_Source material:_
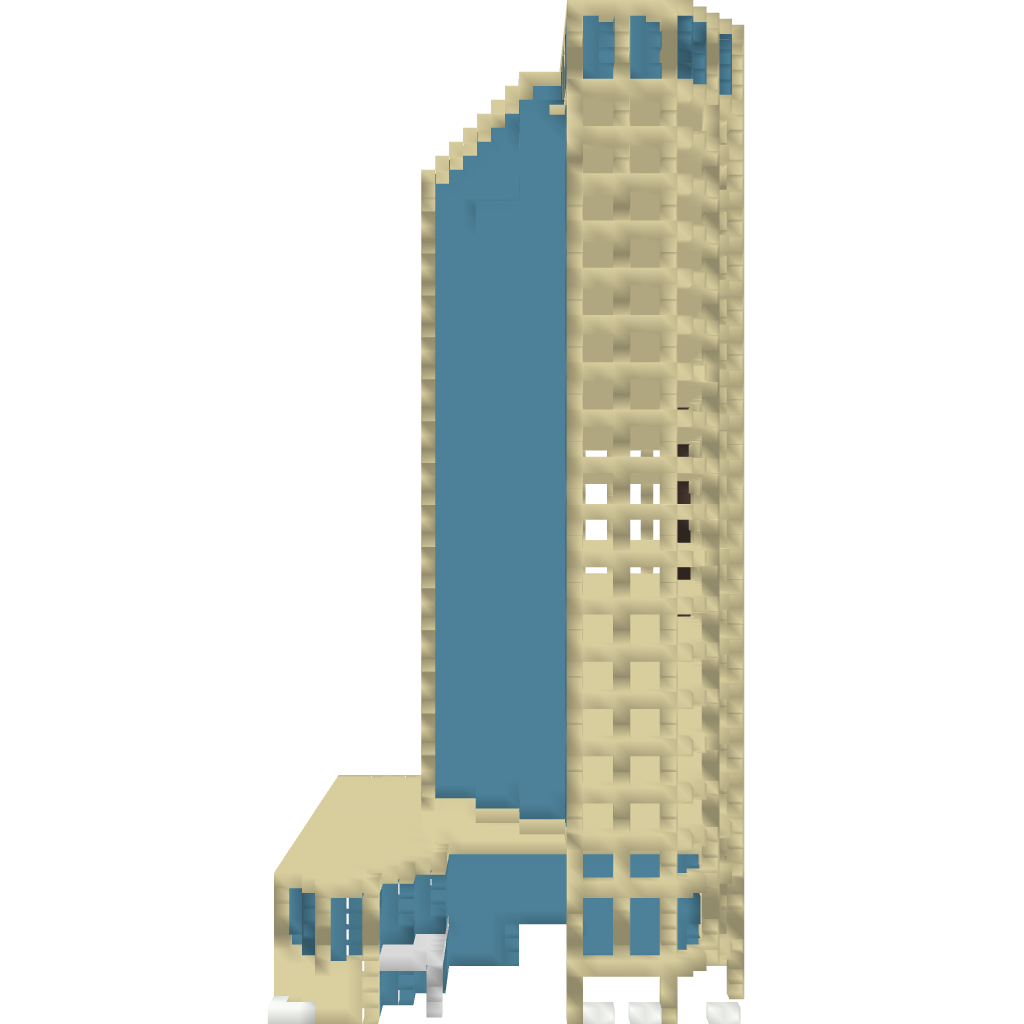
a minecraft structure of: Office Building
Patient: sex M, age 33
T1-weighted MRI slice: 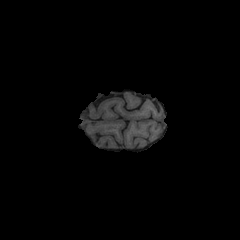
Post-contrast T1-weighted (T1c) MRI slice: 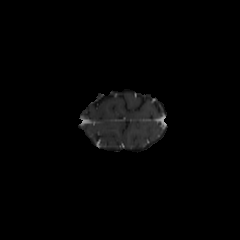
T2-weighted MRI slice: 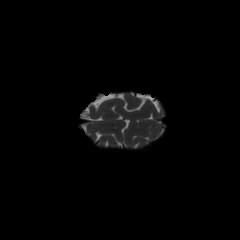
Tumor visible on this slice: no
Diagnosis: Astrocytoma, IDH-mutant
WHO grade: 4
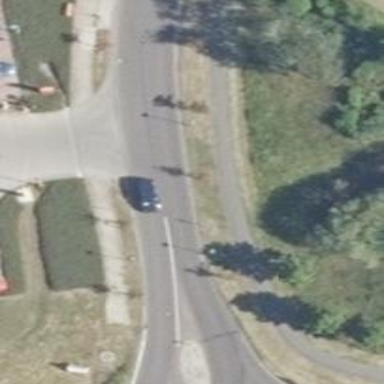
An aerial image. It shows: Tertiary road with asphalt surface.
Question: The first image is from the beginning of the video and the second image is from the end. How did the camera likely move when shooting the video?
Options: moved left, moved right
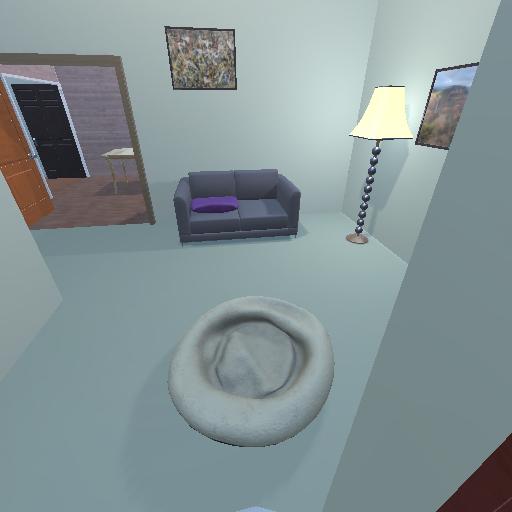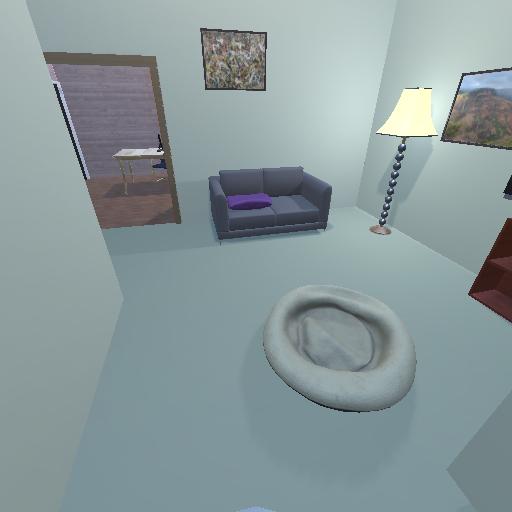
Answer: moved left
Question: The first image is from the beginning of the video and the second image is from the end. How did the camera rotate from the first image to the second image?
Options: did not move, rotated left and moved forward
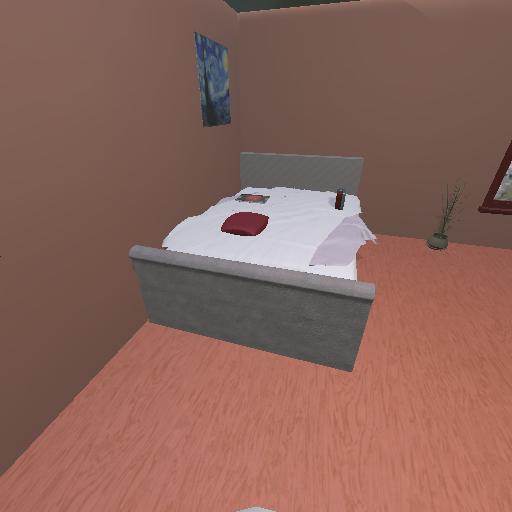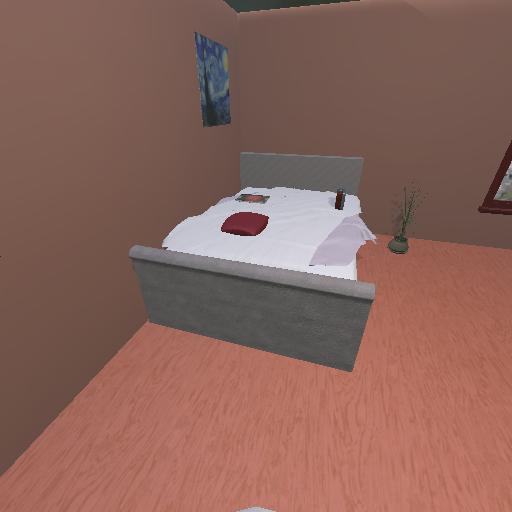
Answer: did not move
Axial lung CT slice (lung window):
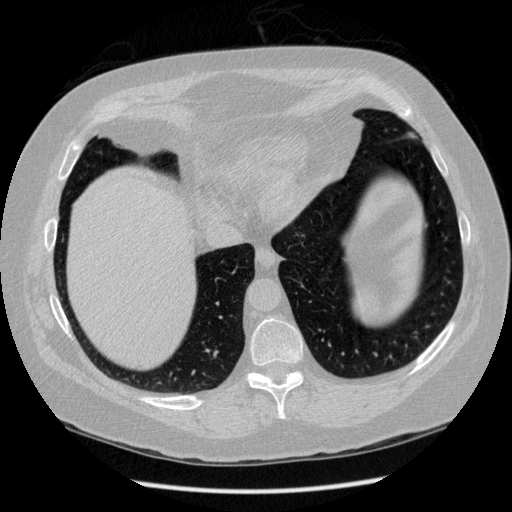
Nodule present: no
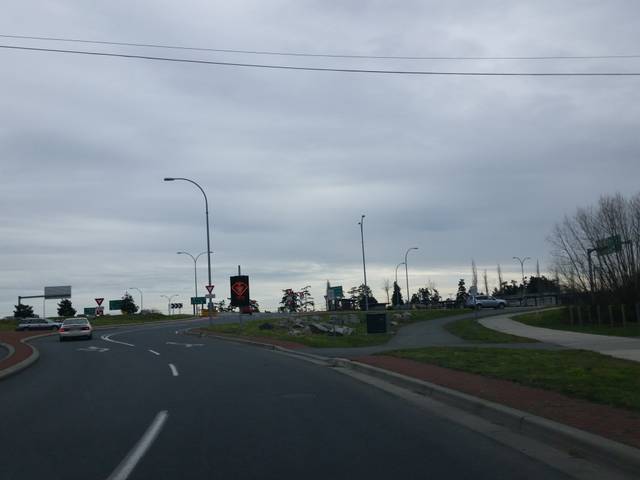
Region: Canada
Coordinates: 48.631, -123.414
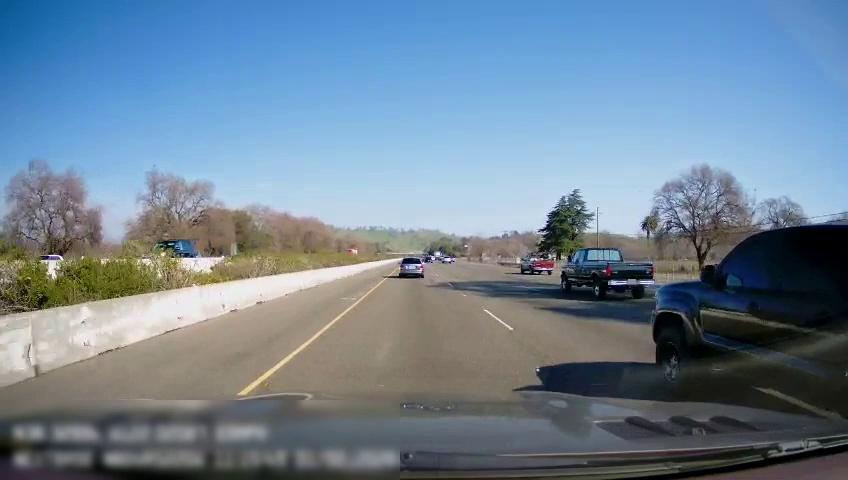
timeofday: Day
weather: Sunny
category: Drivable Space
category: Vehicles | Car
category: Vehicles | Van
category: Vehicles | Truck
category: Vehicles | Truck
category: Vehicles | Truck
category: Vehicles | Truck
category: Vehicles | SUV
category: Vehicles | Truck
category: Vehicles | SUV
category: Lanes | Current Lane
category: Lanes | Current Lane

_What the exercise asks:_
Leaving the pictures out, print every line of the listing exactly.

_Problem solution:_
a minecraft structure of: Office Building
Patient: sex M, age 33
T1-weighted MRI slice: 
Post-contrast T1-weighted (T1c) MRI slice: 
T2-weighted MRI slice: 
Tumor visible on this slice: no
Diagnosis: Astrocytoma, IDH-mutant
WHO grade: 4
An aerial image. It shows: Tertiary road with asphalt surface.
Question: The first image is from the beginning of the video and the second image is from the end. How did the camera likely move when shooting the video?
Options: moved left, moved right
Answer: moved left
Question: The first image is from the beginning of the video and the second image is from the end. How did the camera rotate from the first image to the second image?
Options: did not move, rotated left and moved forward
Answer: did not move
Axial lung CT slice (lung window):
Nodule present: no
Region: Canada
Coordinates: 48.631, -123.414
timeofday: Day
weather: Sunny
category: Drivable Space
category: Vehicles | Car
category: Vehicles | Van
category: Vehicles | Truck
category: Vehicles | Truck
category: Vehicles | Truck
category: Vehicles | Truck
category: Vehicles | SUV
category: Vehicles | Truck
category: Vehicles | SUV
category: Lanes | Current Lane
category: Lanes | Current Lane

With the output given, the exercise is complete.